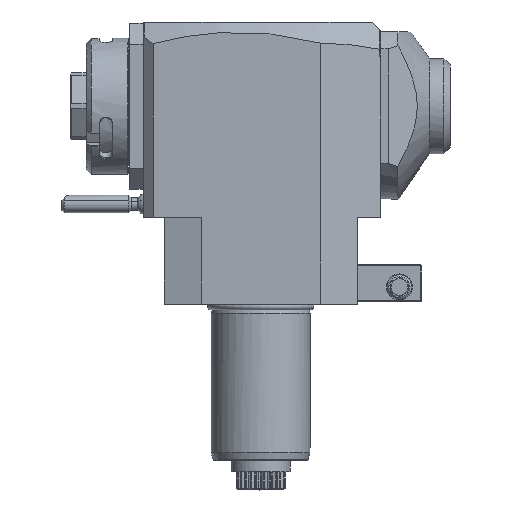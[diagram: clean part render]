
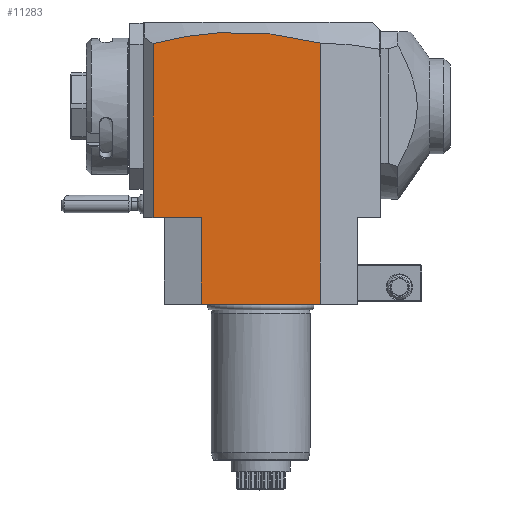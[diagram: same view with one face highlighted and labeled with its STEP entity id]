
A CAD part, top view. The second image highlights one B-rep face of the part: STEP entity #11283.
In plain terms, the highlighted planar face has unit normal (0, 0, 1).
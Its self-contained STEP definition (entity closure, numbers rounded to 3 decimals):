
#1=DIRECTION('',(-1.,0.,0.));
#2=VECTOR('',#1,48.);
#3=CARTESIAN_POINT('',(24.,0.,37.5));
#4=LINE('',#3,#2);
#43=DIRECTION('',(-1.,0.,0.));
#44=VECTOR('',#43,19.5);
#45=CARTESIAN_POINT('',(-24.,35.,37.5));
#46=LINE('',#45,#44);
#47=DIRECTION('',(0.,1.,0.));
#48=VECTOR('',#47,70.258);
#49=CARTESIAN_POINT('',(-43.5,35.,37.5));
#50=LINE('',#49,#48);
#51=CARTESIAN_POINT('',(24.,105.435,37.5));
#52=CARTESIAN_POINT('',(18.371,106.939,37.5));
#53=CARTESIAN_POINT('',(7.115,109.162,37.5));
#54=CARTESIAN_POINT('',(-9.762,110.233,37.5));
#55=CARTESIAN_POINT('',(-26.635,109.072,37.5));
#56=CARTESIAN_POINT('',(-37.879,106.791,37.5));
#57=CARTESIAN_POINT('',(-43.5,105.258,37.5));
#59=DIRECTION('',(0.,-1.,0.));
#60=VECTOR('',#59,105.435);
#61=CARTESIAN_POINT('',(24.,105.435,37.5));
#62=LINE('',#61,#60);
#5099=DIRECTION('',(0.,-1.,0.));
#5100=VECTOR('',#5099,35.);
#5101=CARTESIAN_POINT('',(-24.,35.,37.5));
#5102=LINE('',#5101,#5100);
#10481=VERTEX_POINT('',#51);
#10482=VERTEX_POINT('',#57);
#10790=CARTESIAN_POINT('',(-43.5,35.,37.5));
#10792=VERTEX_POINT('',#10790);
#10829=CARTESIAN_POINT('',(24.,0.,37.5));
#10830=CARTESIAN_POINT('',(-24.,0.,37.5));
#10831=VERTEX_POINT('',#10829);
#10832=VERTEX_POINT('',#10830);
#11225=CARTESIAN_POINT('',(-24.,35.,37.5));
#11226=VERTEX_POINT('',#11225);
#11265=CARTESIAN_POINT('',(-39.202,35.,37.5));
#11266=DIRECTION('',(0.,0.,1.));
#11267=DIRECTION('',(1.,0.,0.));
#11268=AXIS2_PLACEMENT_3D('',#11265,#11266,#11267);
#11269=PLANE('',#11268);
#11271=ORIENTED_EDGE('',*,*,#11270,.T.);
#11273=ORIENTED_EDGE('',*,*,#11272,.T.);
#11275=ORIENTED_EDGE('',*,*,#11274,.F.);
#11277=ORIENTED_EDGE('',*,*,#11276,.T.);
#11278=ORIENTED_EDGE('',*,*,#11234,.T.);
#11280=ORIENTED_EDGE('',*,*,#11279,.F.);
#11281=EDGE_LOOP('',(#11271,#11273,#11275,#11277,#11278,#11280));
#11282=FACE_OUTER_BOUND('',#11281,.F.);
#58=B_SPLINE_CURVE_WITH_KNOTS('',3,(#51,#52,#53,#54,#55,#56,#57),.UNSPECIFIED.,
.F.,.F.,(4,1,1,1,4),(0.,0.25,0.5,0.75,1.),.UNSPECIFIED.);
#11234=EDGE_CURVE('',#10831,#10832,#4,.T.);
#11270=EDGE_CURVE('',#11226,#10792,#46,.T.);
#11272=EDGE_CURVE('',#10792,#10482,#50,.T.);
#11274=EDGE_CURVE('',#10481,#10482,#58,.T.);
#11276=EDGE_CURVE('',#10481,#10831,#62,.T.);
#11279=EDGE_CURVE('',#11226,#10832,#5102,.T.);
#11283=ADVANCED_FACE('',(#11282),#11269,.T.);
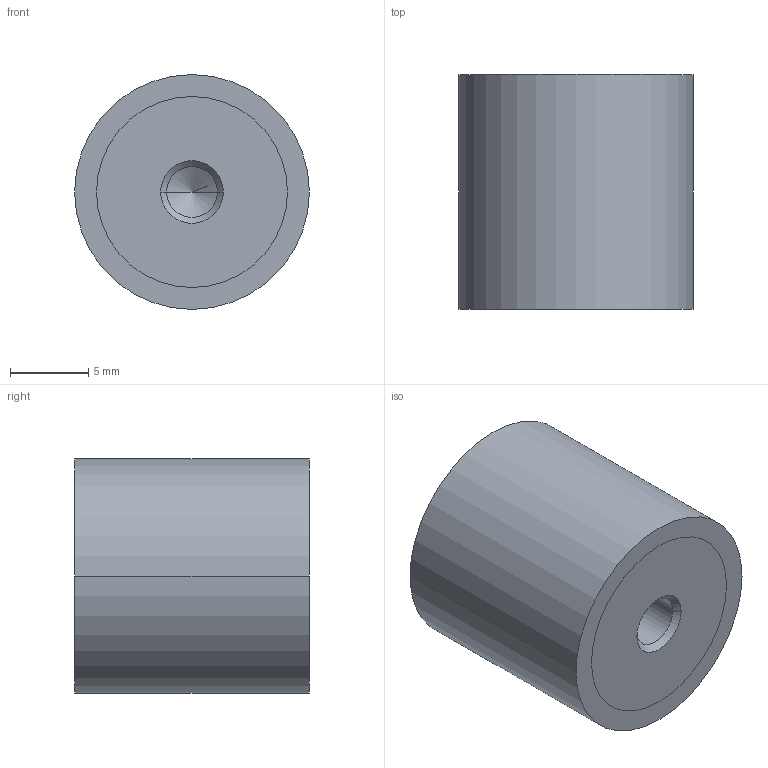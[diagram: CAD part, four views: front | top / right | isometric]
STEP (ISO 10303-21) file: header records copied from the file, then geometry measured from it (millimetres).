
FILE_DESCRIPTION(('STEP AP214'),'1');
FILE_NAME(' ',' ',('TraceParts'),('TraceParts S.A.'),'XStep 1.0',' ',' ');
FILE_SCHEMA(('automotive_design'));
Length unit declared in the file: millimetre
Products named in the file (3): 1; 2; 3
Bounding box: 15 x 15 x 15 mm (x, y, z)
Volume: 2566.5 mm3; surface area: 2179.5 mm2
Topology: 3 solids, 3 shells, 52 faces, 102 edges, 62 vertices
Faces by surface type: cylinder 26, plane 14, cone 12
Entity records: 2584 total; most frequent: DIRECTION 268, CARTESIAN_POINT 215, STYLED_ITEM 212, PRESENTATION_STYLE_ASSIGNMENT 212, COLOUR_RGB 212, ORIENTED_EDGE 196, AXIS2_PLACEMENT_3D 115, EDGE_CURVE 98

+ + + +

(GOAL OF THE EXERCISE):
Each entry above should be written out again exactly, without its pictures.

(RESPONSE):
[diagram: clean part render]
[diagram: same view with one face highlighted and labeled with its STEP entity id]
A CAD part, top view. The second image highlights one B-rep face of the part: STEP entity #11283.
In plain terms, the highlighted planar face has unit normal (0, 0, 1).
Its self-contained STEP definition (entity closure, numbers rounded to 3 decimals):
#1=DIRECTION('',(-1.,0.,0.));
#2=VECTOR('',#1,48.);
#3=CARTESIAN_POINT('',(24.,0.,37.5));
#4=LINE('',#3,#2);
#43=DIRECTION('',(-1.,0.,0.));
#44=VECTOR('',#43,19.5);
#45=CARTESIAN_POINT('',(-24.,35.,37.5));
#46=LINE('',#45,#44);
#47=DIRECTION('',(0.,1.,0.));
#48=VECTOR('',#47,70.258);
#49=CARTESIAN_POINT('',(-43.5,35.,37.5));
#50=LINE('',#49,#48);
#51=CARTESIAN_POINT('',(24.,105.435,37.5));
#52=CARTESIAN_POINT('',(18.371,106.939,37.5));
#53=CARTESIAN_POINT('',(7.115,109.162,37.5));
#54=CARTESIAN_POINT('',(-9.762,110.233,37.5));
#55=CARTESIAN_POINT('',(-26.635,109.072,37.5));
#56=CARTESIAN_POINT('',(-37.879,106.791,37.5));
#57=CARTESIAN_POINT('',(-43.5,105.258,37.5));
#59=DIRECTION('',(0.,-1.,0.));
#60=VECTOR('',#59,105.435);
#61=CARTESIAN_POINT('',(24.,105.435,37.5));
#62=LINE('',#61,#60);
#5099=DIRECTION('',(0.,-1.,0.));
#5100=VECTOR('',#5099,35.);
#5101=CARTESIAN_POINT('',(-24.,35.,37.5));
#5102=LINE('',#5101,#5100);
#10481=VERTEX_POINT('',#51);
#10482=VERTEX_POINT('',#57);
#10790=CARTESIAN_POINT('',(-43.5,35.,37.5));
#10792=VERTEX_POINT('',#10790);
#10829=CARTESIAN_POINT('',(24.,0.,37.5));
#10830=CARTESIAN_POINT('',(-24.,0.,37.5));
#10831=VERTEX_POINT('',#10829);
#10832=VERTEX_POINT('',#10830);
#11225=CARTESIAN_POINT('',(-24.,35.,37.5));
#11226=VERTEX_POINT('',#11225);
#11265=CARTESIAN_POINT('',(-39.202,35.,37.5));
#11266=DIRECTION('',(0.,0.,1.));
#11267=DIRECTION('',(1.,0.,0.));
#11268=AXIS2_PLACEMENT_3D('',#11265,#11266,#11267);
#11269=PLANE('',#11268);
#11271=ORIENTED_EDGE('',*,*,#11270,.T.);
#11273=ORIENTED_EDGE('',*,*,#11272,.T.);
#11275=ORIENTED_EDGE('',*,*,#11274,.F.);
#11277=ORIENTED_EDGE('',*,*,#11276,.T.);
#11278=ORIENTED_EDGE('',*,*,#11234,.T.);
#11280=ORIENTED_EDGE('',*,*,#11279,.F.);
#11281=EDGE_LOOP('',(#11271,#11273,#11275,#11277,#11278,#11280));
#11282=FACE_OUTER_BOUND('',#11281,.F.);
#58=B_SPLINE_CURVE_WITH_KNOTS('',3,(#51,#52,#53,#54,#55,#56,#57),.UNSPECIFIED.,
.F.,.F.,(4,1,1,1,4),(0.,0.25,0.5,0.75,1.),.UNSPECIFIED.);
#11234=EDGE_CURVE('',#10831,#10832,#4,.T.);
#11270=EDGE_CURVE('',#11226,#10792,#46,.T.);
#11272=EDGE_CURVE('',#10792,#10482,#50,.T.);
#11274=EDGE_CURVE('',#10481,#10482,#58,.T.);
#11276=EDGE_CURVE('',#10481,#10831,#62,.T.);
#11279=EDGE_CURVE('',#11226,#10832,#5102,.T.);
#11283=ADVANCED_FACE('',(#11282),#11269,.T.);
[diagram: CAD part, four views: front | top / right | isometric]
STEP (ISO 10303-21) file: header records copied from the file, then geometry measured from it (millimetres).
FILE_DESCRIPTION(('STEP AP214'),'1');
FILE_NAME(' ',' ',('TraceParts'),('TraceParts S.A.'),'XStep 1.0',' ',' ');
FILE_SCHEMA(('automotive_design'));
Length unit declared in the file: millimetre
Products named in the file (3): 1; 2; 3
Bounding box: 15 x 15 x 15 mm (x, y, z)
Volume: 2566.5 mm3; surface area: 2179.5 mm2
Topology: 3 solids, 3 shells, 52 faces, 102 edges, 62 vertices
Faces by surface type: cylinder 26, plane 14, cone 12
Entity records: 2584 total; most frequent: DIRECTION 268, CARTESIAN_POINT 215, STYLED_ITEM 212, PRESENTATION_STYLE_ASSIGNMENT 212, COLOUR_RGB 212, ORIENTED_EDGE 196, AXIS2_PLACEMENT_3D 115, EDGE_CURVE 98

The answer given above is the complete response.